* _What you have to do_:
Leaving all pictures aside, write out the records below precisely as given.

-------------------------

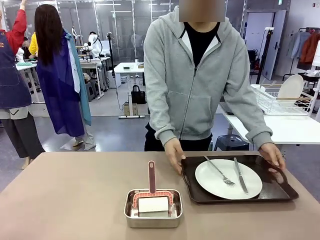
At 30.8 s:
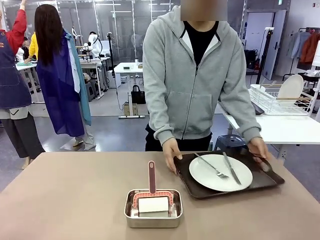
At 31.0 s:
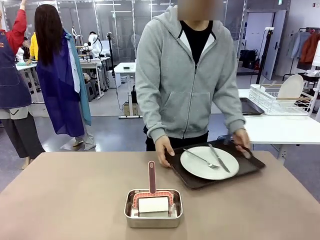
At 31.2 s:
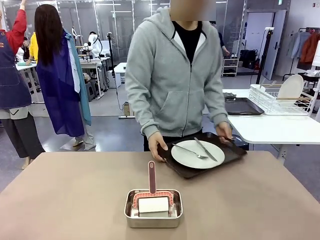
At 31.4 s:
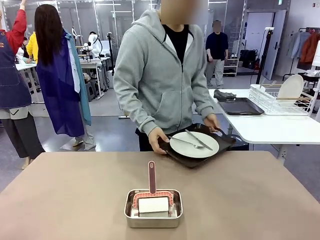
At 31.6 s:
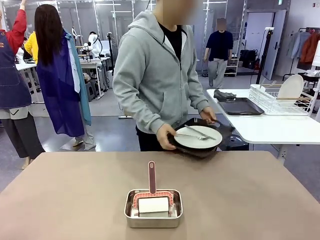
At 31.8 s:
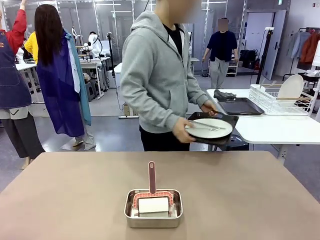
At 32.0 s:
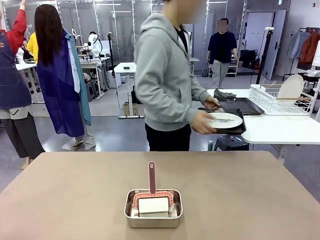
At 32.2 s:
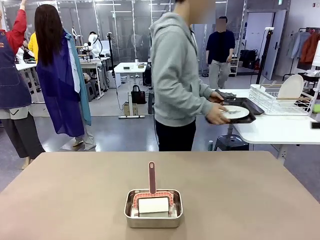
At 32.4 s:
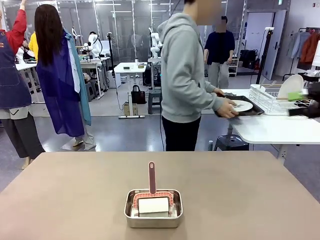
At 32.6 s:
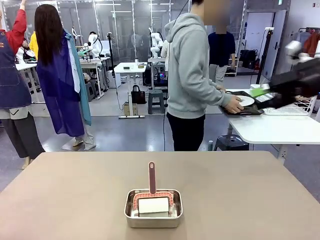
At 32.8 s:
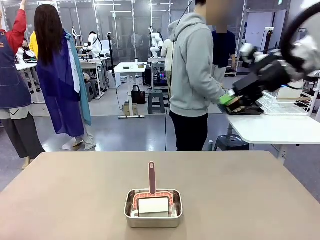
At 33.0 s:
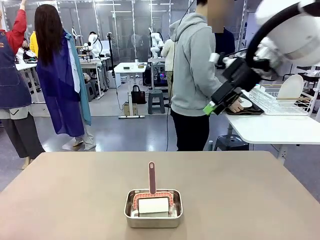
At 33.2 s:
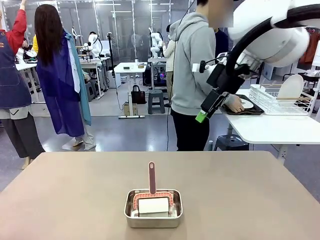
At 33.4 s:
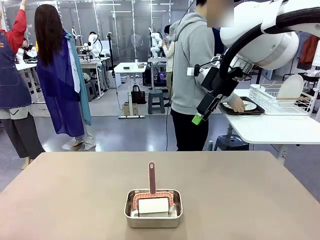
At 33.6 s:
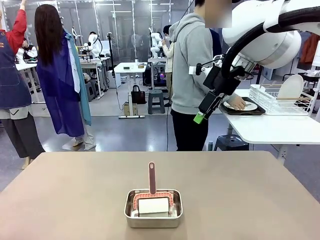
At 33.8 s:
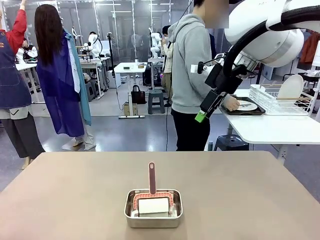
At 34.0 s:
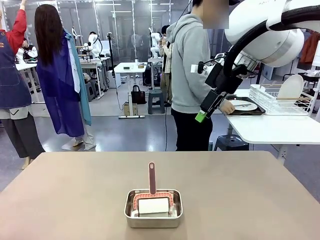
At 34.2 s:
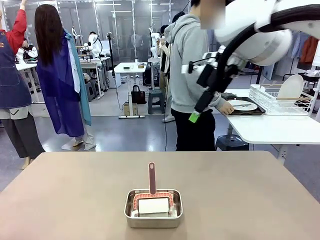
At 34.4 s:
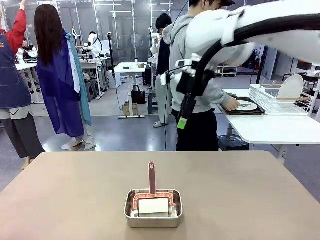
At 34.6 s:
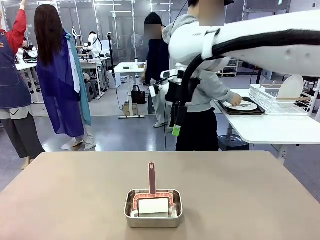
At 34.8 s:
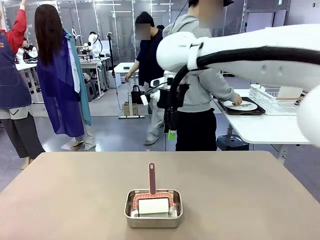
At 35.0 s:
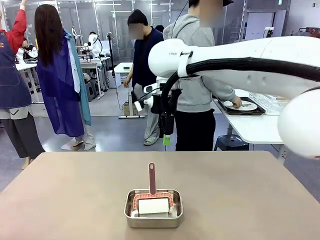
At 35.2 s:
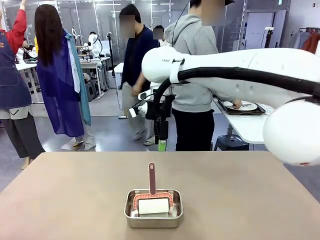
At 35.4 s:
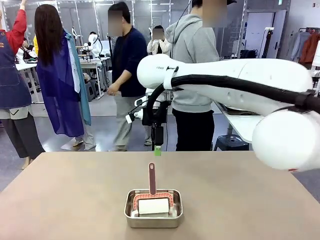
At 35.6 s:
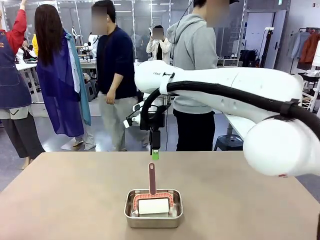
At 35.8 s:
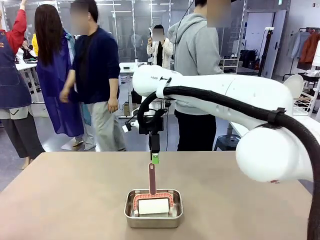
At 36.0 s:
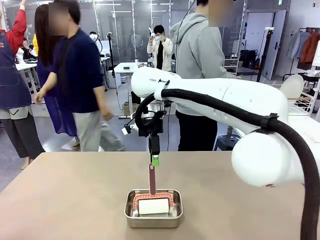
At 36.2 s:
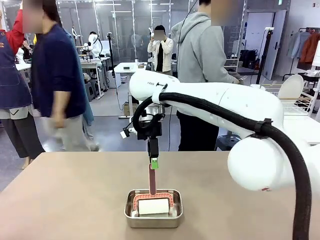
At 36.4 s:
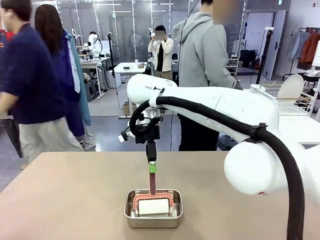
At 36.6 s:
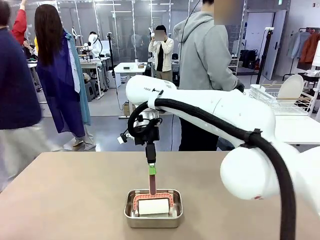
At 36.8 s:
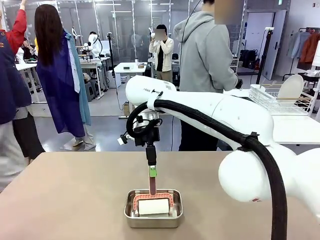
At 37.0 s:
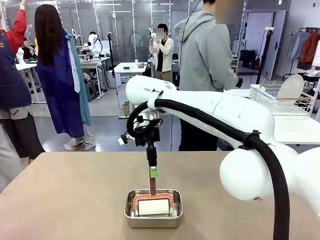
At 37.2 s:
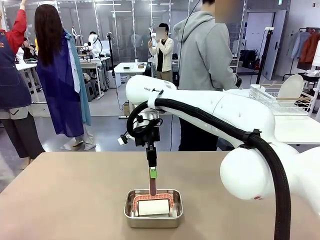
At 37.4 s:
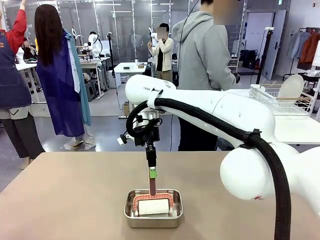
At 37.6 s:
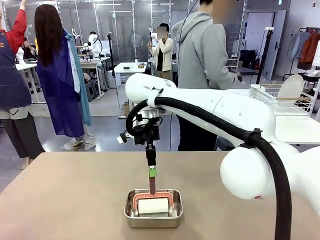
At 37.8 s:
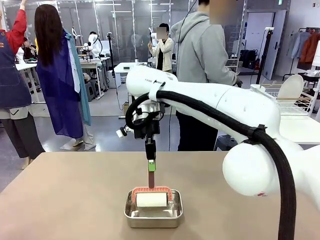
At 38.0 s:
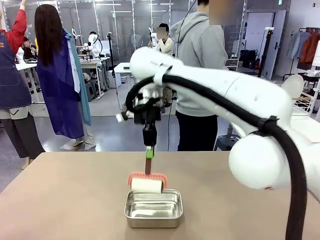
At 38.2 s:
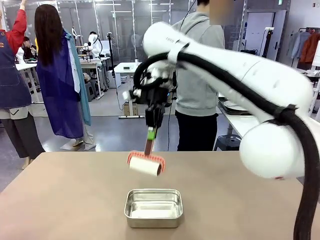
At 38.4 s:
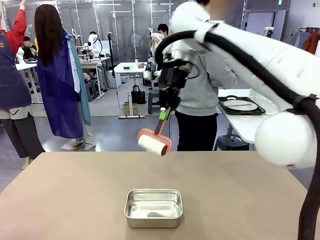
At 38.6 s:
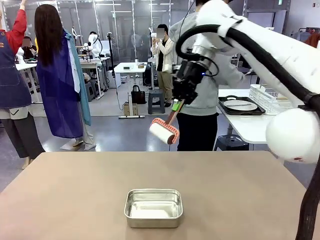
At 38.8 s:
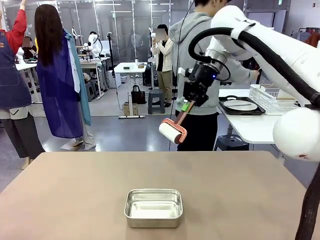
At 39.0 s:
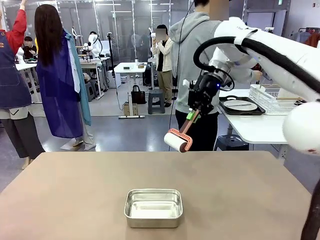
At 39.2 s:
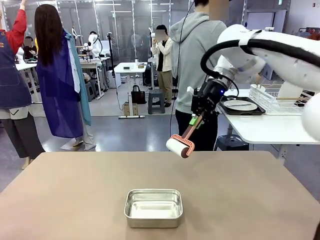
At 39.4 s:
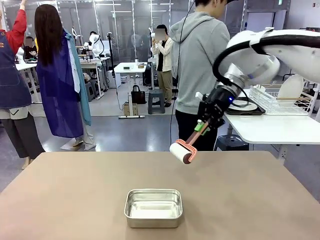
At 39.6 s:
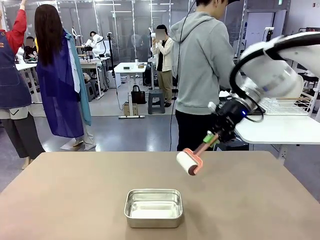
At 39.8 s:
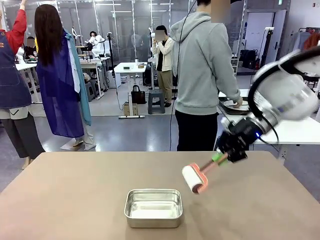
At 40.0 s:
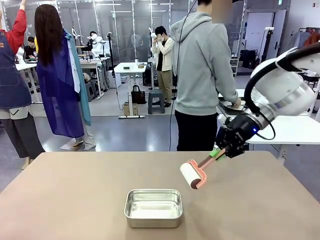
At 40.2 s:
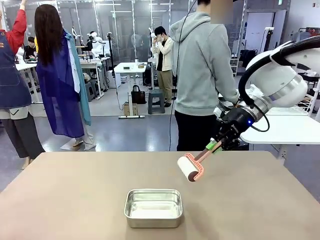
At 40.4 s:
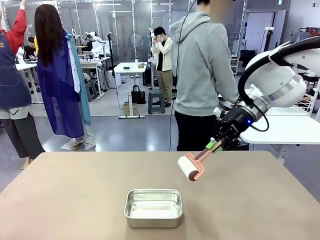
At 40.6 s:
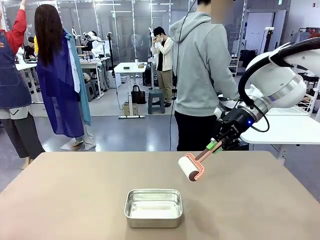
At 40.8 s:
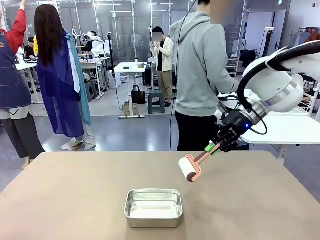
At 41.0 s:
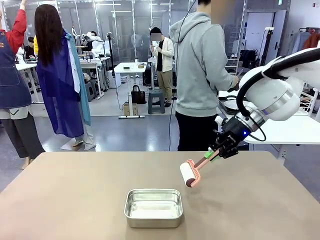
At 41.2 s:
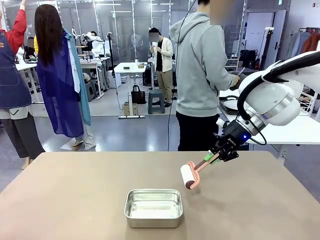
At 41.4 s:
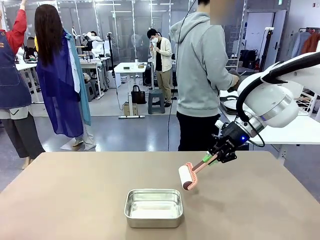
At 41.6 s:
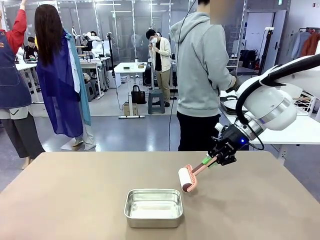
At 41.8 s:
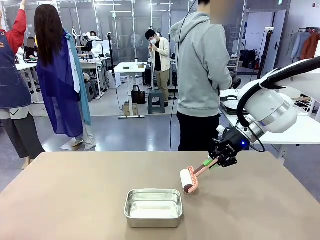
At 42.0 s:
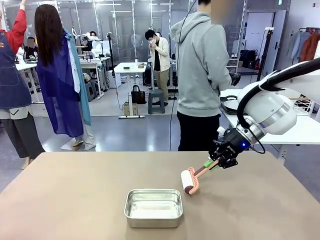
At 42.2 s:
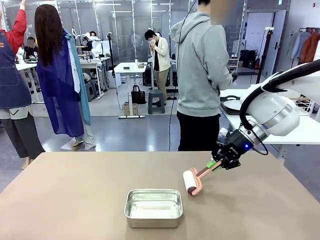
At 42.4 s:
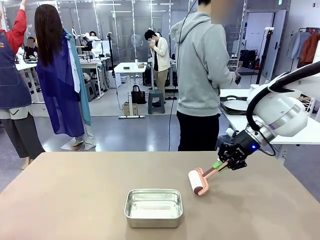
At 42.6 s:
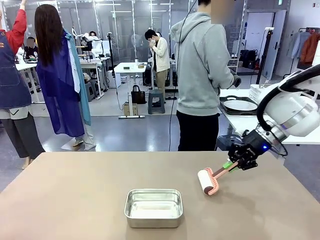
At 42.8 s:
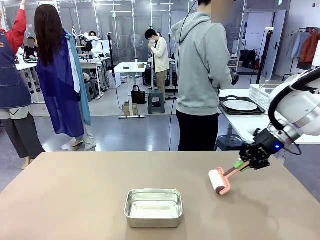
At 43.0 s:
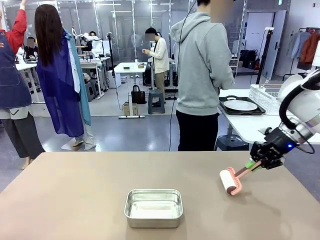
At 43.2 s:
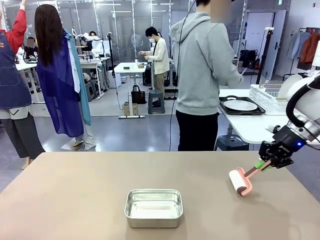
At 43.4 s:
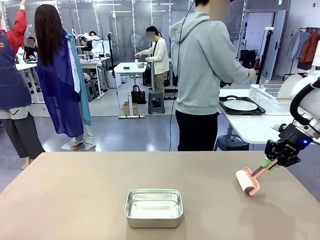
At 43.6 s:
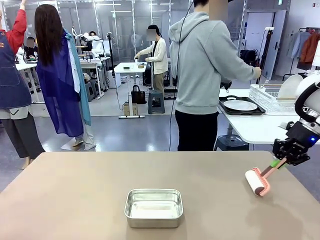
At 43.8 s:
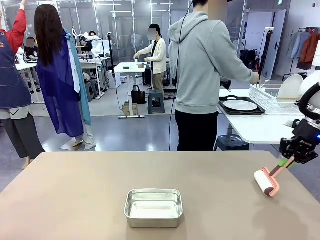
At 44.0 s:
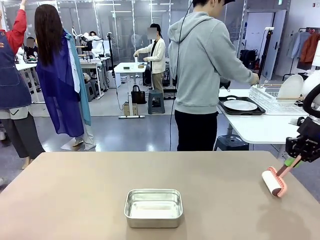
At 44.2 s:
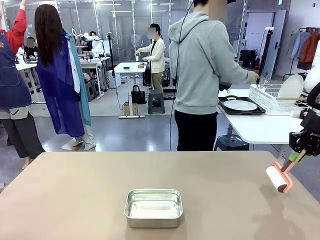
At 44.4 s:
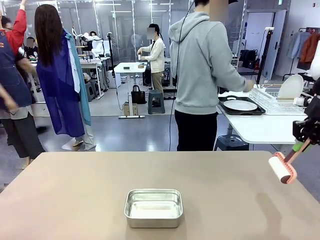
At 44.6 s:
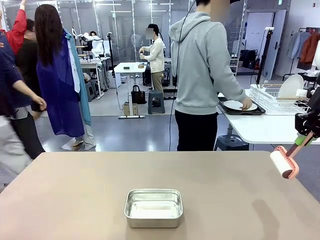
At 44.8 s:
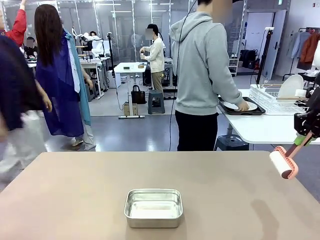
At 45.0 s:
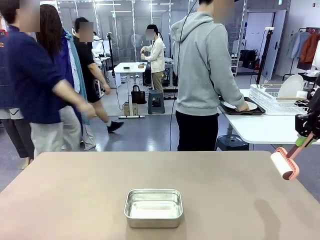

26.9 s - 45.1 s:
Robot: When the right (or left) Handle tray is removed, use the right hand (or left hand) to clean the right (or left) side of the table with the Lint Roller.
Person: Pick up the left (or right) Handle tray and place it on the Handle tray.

-------------------------

* _Final answer_:
At 30.8 s:
At 31.0 s:
At 31.2 s:
At 31.4 s:
At 31.6 s:
At 31.8 s:
At 32.0 s:
At 32.2 s:
At 32.4 s:
At 32.6 s:
At 32.8 s:
At 33.0 s:
At 33.2 s:
At 33.4 s:
At 33.6 s:
At 33.8 s:
At 34.0 s:
At 34.2 s:
At 34.4 s:
At 34.6 s:
At 34.8 s:
At 35.0 s:
At 35.2 s:
At 35.4 s:
At 35.6 s:
At 35.8 s:
At 36.0 s:
At 36.2 s:
At 36.4 s:
At 36.6 s:
At 36.8 s:
At 37.0 s:
At 37.2 s:
At 37.4 s:
At 37.6 s:
At 37.8 s:
At 38.0 s:
At 38.2 s:
At 38.4 s:
At 38.6 s:
At 38.8 s:
At 39.0 s:
At 39.2 s:
At 39.4 s:
At 39.6 s:
At 39.8 s:
At 40.0 s:
At 40.2 s:
At 40.4 s:
At 40.6 s:
At 40.8 s:
At 41.0 s:
At 41.2 s:
At 41.4 s:
At 41.6 s:
At 41.8 s:
At 42.0 s:
At 42.2 s:
At 42.4 s:
At 42.6 s:
At 42.8 s:
At 43.0 s:
At 43.2 s:
At 43.4 s:
At 43.6 s:
At 43.8 s:
At 44.0 s:
At 44.2 s:
At 44.4 s:
At 44.6 s:
At 44.8 s:
At 45.0 s:

26.9 s - 45.1 s:
Robot: When the right (or left) Handle tray is removed, use the right hand (or left hand) to clean the right (or left) side of the table with the Lint Roller.
Person: Pick up the left (or right) Handle tray and place it on the Handle tray.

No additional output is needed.